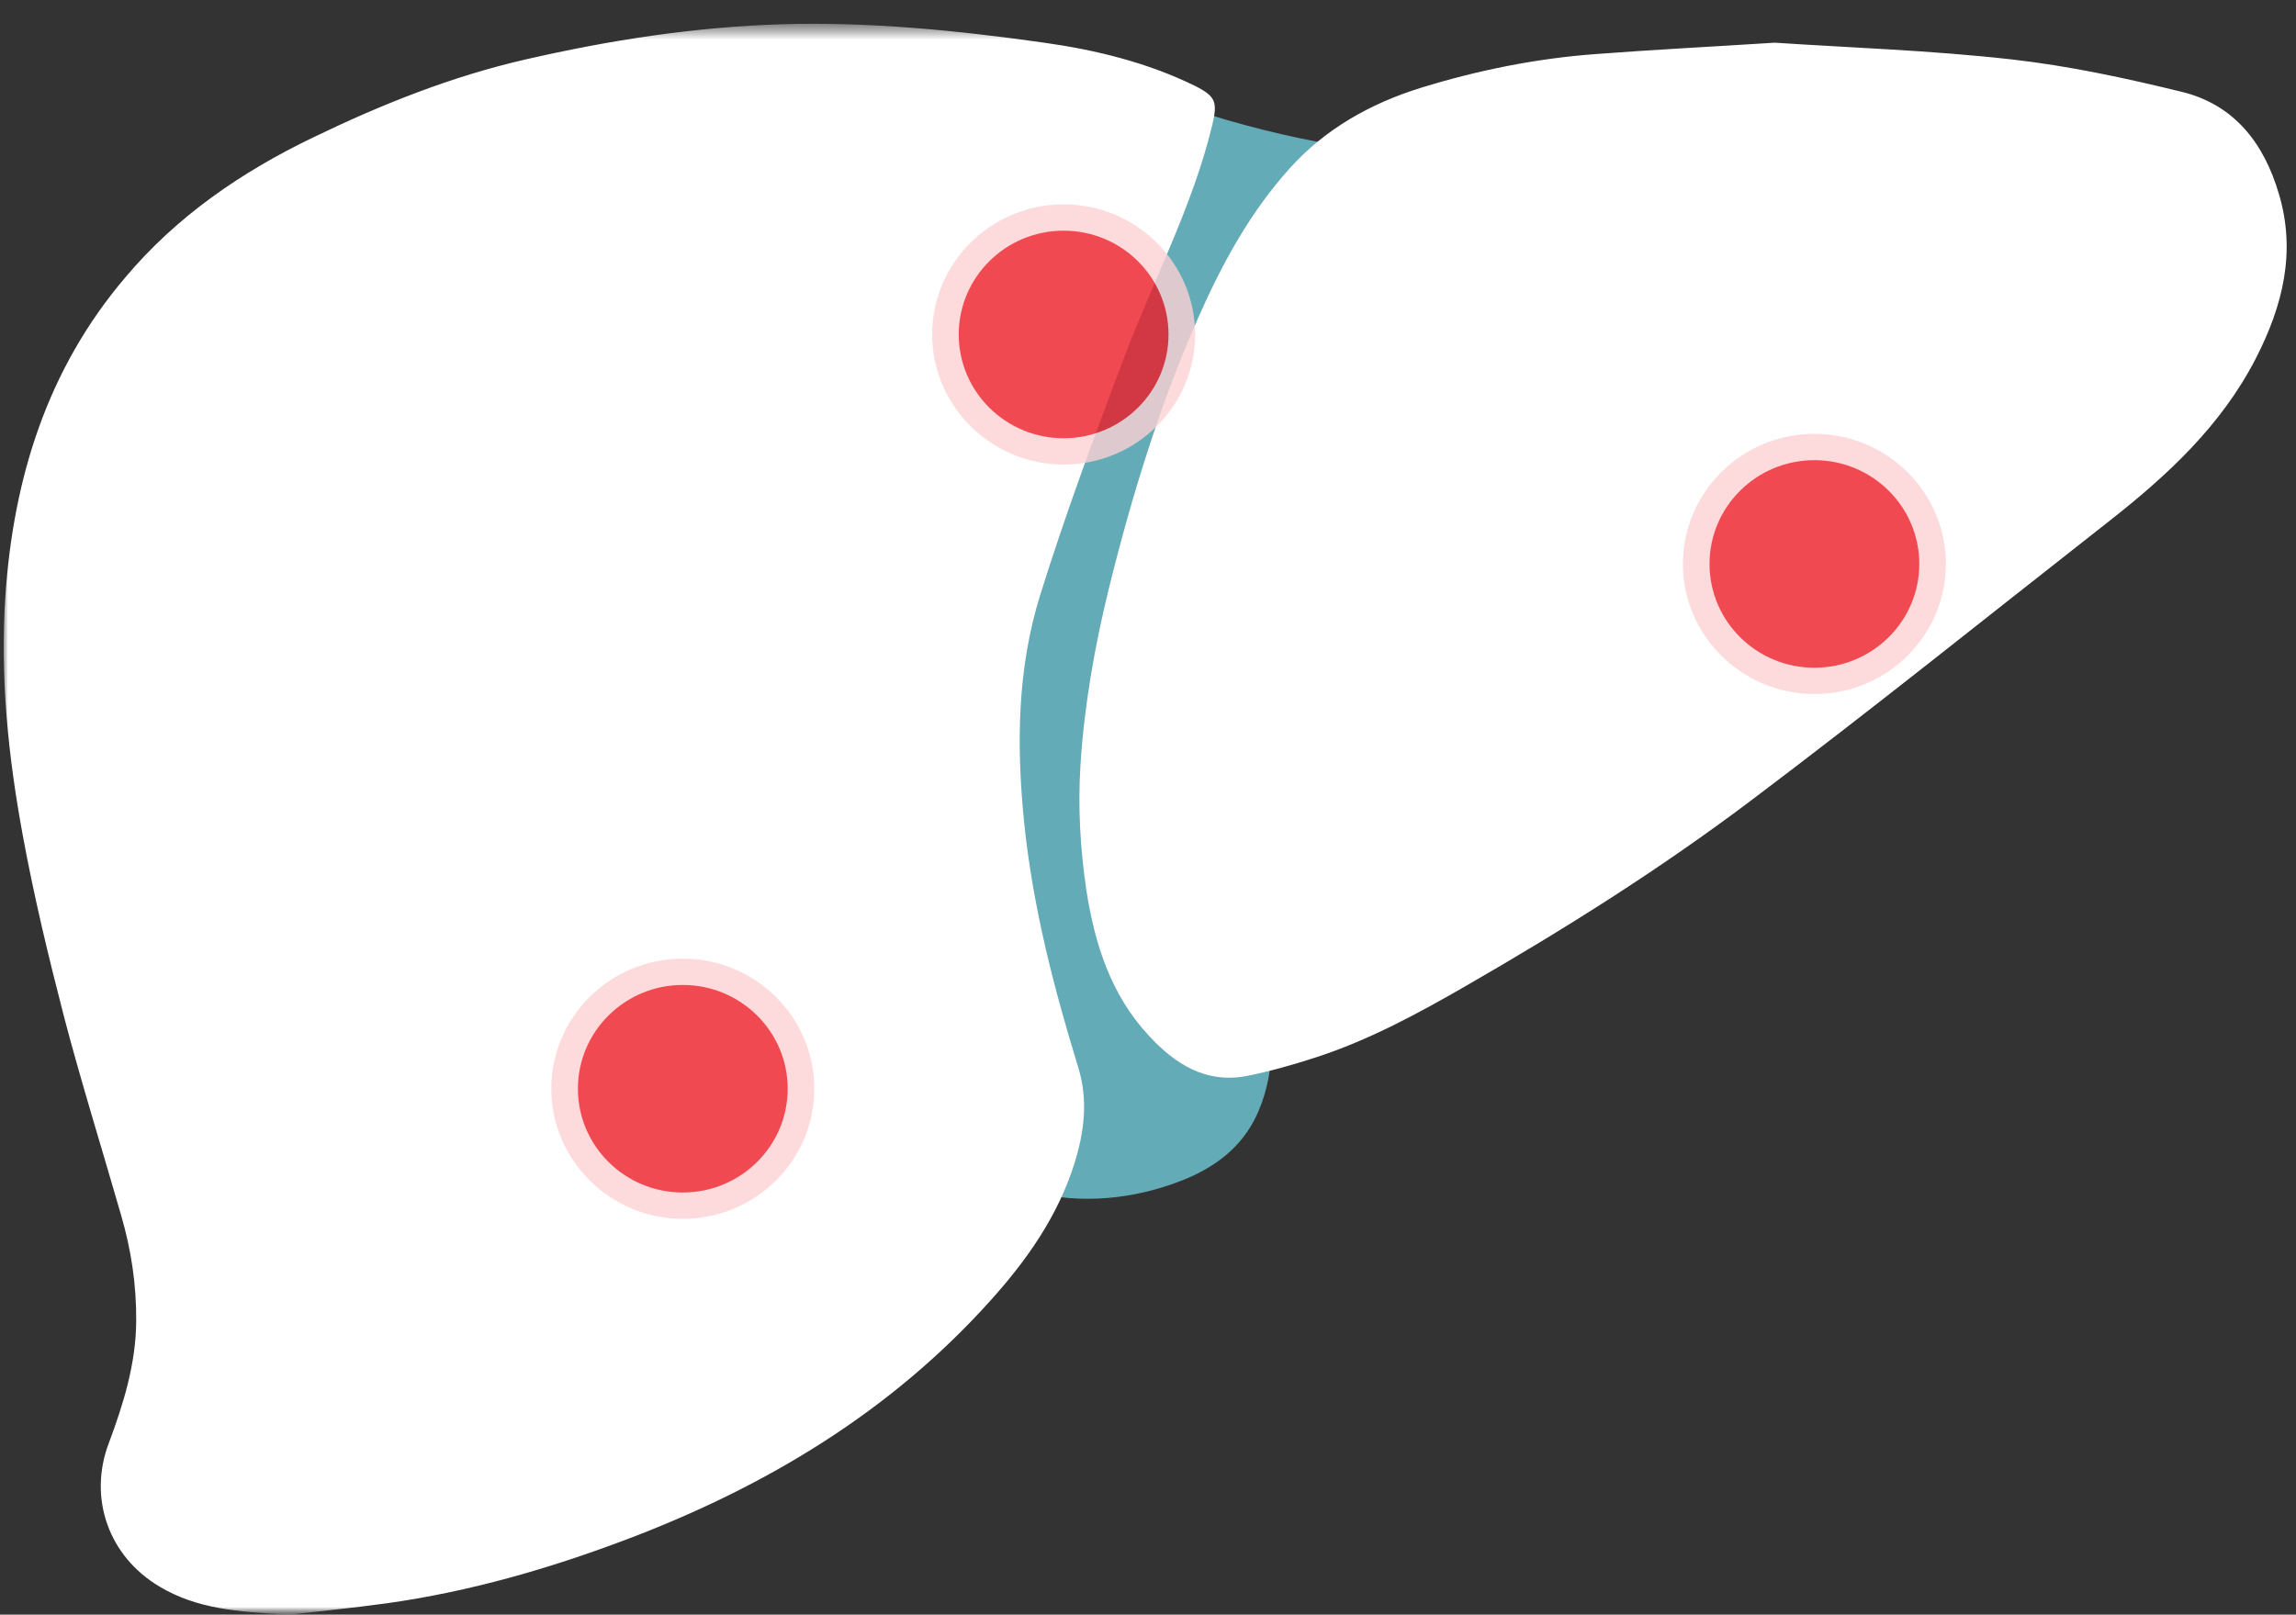 <svg width="145" height="102" viewBox="0 0 145 102" fill="none" xmlns="http://www.w3.org/2000/svg">
<rect x="0" y="0" width="145" height="102" fill="#333333" stroke="none"/>
<g clip-path="url(#clip0_5252_4625)">
<mask id="mask0_5252_4625" style="mask-type:luminance" maskUnits="userSpaceOnUse" x="0" y="1" width="145" height="102">
<path d="M145 1.367H0V102.001H145V1.367Z" fill="white"/>
</mask>
<g mask="url(#mask0_5252_4625)">
<mask id="mask1_5252_4625" style="mask-type:luminance" maskUnits="userSpaceOnUse" x="0" y="1" width="145" height="102">
<path d="M145 1.367H0V102.001H145V1.367Z" fill="white"/>
</mask>
<g mask="url(#mask1_5252_4625)">
<path d="M89.676 9.549C89.471 9.493 89.079 9.549 88.575 9.678C89.639 9.733 90.087 9.678 89.676 9.549Z" fill="#3D95A5"/>
<path d="M88.574 9.678C85.906 9.53 79.32 8.588 72.136 5.763L71.893 7.683C71.165 13.002 67.116 16.622 64.224 20.777C60.007 26.835 57.955 34.702 57.395 42.551C56.835 50.382 57.694 58.268 58.682 66.025C59 68.444 59.373 71.029 60.81 72.802C61.799 74.021 63.179 74.705 64.56 75.129C67.676 76.071 71.016 75.868 74.095 74.778C75.83 74.169 77.547 73.227 78.704 71.584C80.364 69.238 80.57 65.895 80.197 62.885C79.823 59.856 78.946 56.938 78.722 53.909C78.405 49.662 79.338 45.451 80.252 41.314C81.577 35.33 82.883 29.347 83.742 23.234C84.227 19.706 84.563 15.976 83.481 12.633C83.201 11.783 86.615 10.158 88.537 9.659" fill="#63ABB7"/>
<path d="M18.267 102.001C19.872 101.816 22.167 101.594 24.443 101.28C29.687 100.542 34.724 99.083 39.651 97.217C48.402 93.893 56.239 89.184 62.527 82.184C64.859 79.599 66.818 76.81 67.863 73.467C68.479 71.491 68.722 69.496 68.106 67.465C66.538 62.368 65.213 57.234 64.672 51.896C64.187 47.039 64.243 42.219 65.699 37.565C67.285 32.486 69.132 27.5 71.016 22.513C72.864 17.638 75.327 13.002 76.558 7.905C76.894 6.465 76.801 6.095 75.476 5.43C72.472 3.953 69.225 3.159 65.941 2.697C60.456 1.921 54.932 1.367 49.353 1.533C43.886 1.7 38.531 2.531 33.213 3.75C28.53 4.821 24.089 6.594 19.779 8.681C15.244 10.86 11.158 13.667 7.911 17.527C2.967 23.345 0.84 30.233 0.336 37.694C-9.06736e-05 42.773 0.522 47.796 1.437 52.764C2.146 56.643 3.079 60.502 4.068 64.325C5.168 68.499 6.456 72.618 7.65 76.773C8.285 78.952 8.62 81.168 8.602 83.459C8.583 86.155 7.799 88.685 6.866 91.178C5.56 94.65 6.866 98.325 10.076 100.228C12.39 101.613 14.946 101.834 18.267 102.001ZM112.085 2.697C107.999 2.956 104.379 3.14 100.759 3.417C97.009 3.694 93.352 4.433 89.75 5.541C86.541 6.538 83.686 8.145 81.447 10.638C78.965 13.39 77.211 16.604 75.719 19.965C73.256 25.524 71.483 31.286 70.028 37.177C69.132 40.834 68.479 44.528 68.236 48.313C68.068 50.973 68.218 53.614 68.609 56.236C69.132 59.616 70.139 62.811 72.528 65.397C74.189 67.207 76.148 68.481 78.779 67.964C80.234 67.668 81.671 67.262 83.089 66.8C86.448 65.711 89.545 64.03 92.587 62.276C98.781 58.711 104.827 54.907 110.537 50.604C118.187 44.842 125.65 38.839 133.189 32.929C136.883 30.03 140.279 26.89 142.462 22.643C144.16 19.337 145.019 15.92 143.918 12.245C142.985 9.069 141.119 6.612 137.779 5.8C134.234 4.932 130.632 4.156 127.013 3.75C121.919 3.177 116.787 3.011 112.085 2.697Z" fill="white"/>
</g>
<mask id="mask2_5252_4625" style="mask-type:luminance" maskUnits="userSpaceOnUse" x="0" y="1" width="145" height="102">
<path d="M145 1.367H0V102.001H145V1.367Z" fill="white"/>
</mask>
<g mask="url(#mask2_5252_4625)">
<g opacity="0.8">
<mask id="mask3_5252_4625" style="mask-type:luminance" maskUnits="userSpaceOnUse" x="89" y="14" width="51" height="32">
<path d="M139.664 14.498H89.489V45.691H139.664V14.498Z" fill="white"/>
</mask>
<g mask="url(#mask3_5252_4625)">
<path d="M114.586 43.013C118.691 43.013 122.049 39.707 122.049 35.626C122.049 31.544 118.709 28.238 114.586 28.238C110.462 28.238 107.122 31.544 107.122 35.626C107.122 39.707 110.462 43.013 114.586 43.013Z" fill="#EE1C25"/>
<path d="M114.586 43.844C110.014 43.844 106.282 40.15 106.282 35.626C106.282 31.101 109.995 27.407 114.586 27.407C119.176 27.407 122.889 31.101 122.889 35.626C122.889 40.15 119.176 43.844 114.586 43.844ZM114.586 29.069C110.928 29.069 107.962 32.006 107.962 35.626C107.962 39.245 110.928 42.182 114.586 42.182C118.243 42.182 121.21 39.245 121.21 35.626C121.21 32.006 118.243 29.069 114.586 29.069Z" fill="#FCD2D3"/>
</g>
</g>
<g opacity="0.8">
<mask id="mask4_5252_4625" style="mask-type:luminance" maskUnits="userSpaceOnUse" x="42" y="0" width="51" height="32">
<path d="M92.269 0.001H42.095V31.194H92.269V0.001Z" fill="white"/>
</mask>
<g mask="url(#mask4_5252_4625)">
<path d="M67.191 28.516C71.296 28.516 74.655 25.21 74.655 21.128C74.655 17.047 71.315 13.741 67.191 13.741C63.068 13.741 59.727 17.047 59.727 21.128C59.727 25.21 63.068 28.516 67.191 28.516Z" fill="#EE1C25"/>
<path d="M67.172 29.347C62.601 29.347 58.869 25.653 58.869 21.128C58.869 16.604 62.582 12.91 67.172 12.91C71.763 12.91 75.476 16.604 75.476 21.128C75.476 25.653 71.763 29.347 67.172 29.347ZM67.172 14.572C63.515 14.572 60.548 17.509 60.548 21.128C60.548 24.748 63.515 27.685 67.172 27.685C70.83 27.685 73.796 24.748 73.796 21.128C73.796 17.509 70.83 14.572 67.172 14.572Z" fill="#FCD2D3"/>
</g>
</g>
<g opacity="0.8">
<mask id="mask5_5252_4625" style="mask-type:luminance" maskUnits="userSpaceOnUse" x="18" y="47" width="51" height="32">
<path d="M68.199 47.649H18.024V78.842H68.199V47.649Z" fill="white"/>
</mask>
<g mask="url(#mask5_5252_4625)">
<path d="M43.121 76.164C47.226 76.164 50.584 72.858 50.584 68.777C50.584 64.695 47.245 61.39 43.121 61.39C38.997 61.39 35.657 64.695 35.657 68.777C35.657 72.858 38.997 76.164 43.121 76.164Z" fill="#EE1C25"/>
<path d="M43.121 76.995C38.549 76.995 34.817 73.302 34.817 68.777C34.817 64.252 38.531 60.559 43.121 60.559C47.711 60.559 51.424 64.252 51.424 68.777C51.424 73.302 47.711 76.995 43.121 76.995ZM43.121 62.221C39.464 62.221 36.497 65.157 36.497 68.777C36.497 72.397 39.464 75.333 43.121 75.333C46.778 75.333 49.745 72.397 49.745 68.777C49.745 65.157 46.778 62.221 43.121 62.221Z" fill="#FCD2D3"/>
</g>
</g>
</g>
</g>
</g>
<defs>
<clipPath id="clip0_5252_4625">
<rect width="145" height="102" fill="white" transform="translate(0 0.001)"/>
</clipPath>
</defs>
</svg>

-- -- --

**Work item**
Using the records above, find and show each line with the string "rect".

**Response area**
<rect x="0" y="0" width="145" height="102" fill="#333333" stroke="none"/>
<rect width="145" height="102" fill="white" transform="translate(0 0.001)"/>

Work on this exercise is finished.